Usually bulls are made of lead, only on very special occasions and in small numbers there are bulls made of gold, which therefore represent an extraordinary importance and preciousness. The obverse and reverse of the 6 cm wide and 0.6 cm high bulls are made of gold plate. The obverse shows the emperor enthroned with orb and scepter, flanked by the (single-headed) imperial eagle on the right and the Bohemian lion on the left. The inscription reads: + KAROLVS QVARTVS DIVINA FAVENTE CLEMENCIA ROMANOR(UM) IMPERATOR SEMP(ER) AVGVSTVS (Charles IV, By the Grace of God, Roman Emperor, at all times Major of the Empire). In the seal field is written: ET BOEMIE REX (and King of Bohemia). The reverse shows a stylized image of the city of Rome, on the portal is written: AVREA ROMA (Golden Rome). The circumscription reads: + ROMA CAPVT MVNDI, REGIT ORBIS FRENA ROTVNDI (Rome, the head of the world, directs the reins of the earth”s circle).

Seven copies of the Golden Bull are preserved today. There is no evidence that there were any other copies beyond these. All copies consist of two parts: the first, consisting of the chapters 1-23 decided at the Nuremberg Diet, and the second with the laws of Metz in chapters 24-31. Due to the volume, the copies do not have the appearance of documents, but are bound libellae. It is noteworthy that the Saxon and Brandenburg electors, probably for lack of money, have waived their own copy.

The Bohemian copy is now in the Austrian State Archives in Vienna, Department of House, Court and State Archives. It comes from the imperial chancellery, whereby only the first part is a sealed copy with a gold bull; the second part is an unsealed copy of an earlier second part of the Bohemian copy, which, however, was probably only a concept. Already between 1366 and 1378 the copy was bound together with the first part.

The Mainz copy is also in the Austrian State Archives in Vienna, Department Haus-, Hof- und Staatsarchiv. It comes from the imperial chancellery. The gold seal and the sealing cord no longer exist.

The Cologne copy is in the University and State Library of Darmstadt. The scribe is unknown, perhaps it was a contract scribe.

The Palatine copy, also from the imperial chancellery, is now in the Bavarian Main State Archives.
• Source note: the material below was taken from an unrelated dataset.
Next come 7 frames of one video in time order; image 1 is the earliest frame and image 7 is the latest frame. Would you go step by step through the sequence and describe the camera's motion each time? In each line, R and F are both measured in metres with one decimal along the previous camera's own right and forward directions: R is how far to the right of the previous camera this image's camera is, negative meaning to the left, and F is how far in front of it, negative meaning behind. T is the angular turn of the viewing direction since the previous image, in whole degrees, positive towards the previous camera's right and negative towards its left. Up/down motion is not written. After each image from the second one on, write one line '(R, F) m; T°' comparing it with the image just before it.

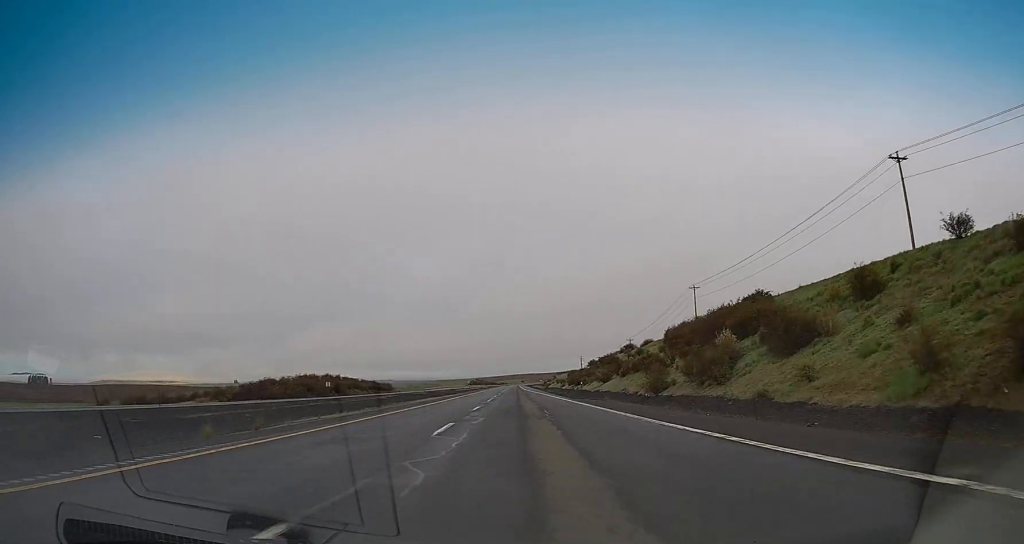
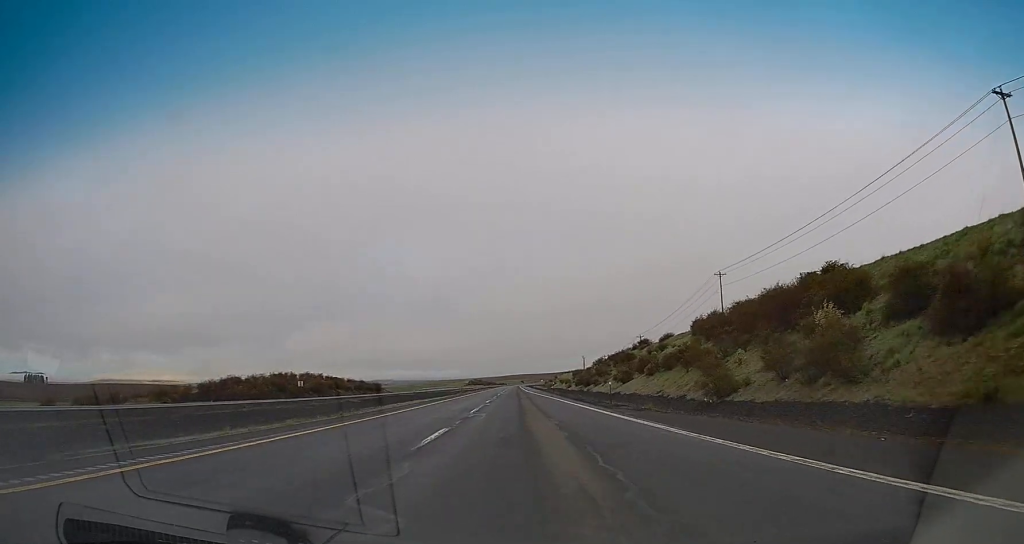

In the case of the Trier copy in the Hauptstaatsarchiv Stuttgart, which comes from the imperial chancellery, the bull with the remains of the silk cord is only loosely enclosed.

The Frankfurt copy is a copy of the original Bohemian copy, so the second part has the same original as the second part of the present Bohemian copy. It is located in the Institute of City History in the Carmelite Monastery, the former Frankfurt City Archives. It is a copy at the expense of the city, since the latter, in connection with the rights guaranteed to it in the election of the king and the first Imperial Diet, had an interest in a complete copy. Although it is a copy in character, it had the same legal status as the other copies.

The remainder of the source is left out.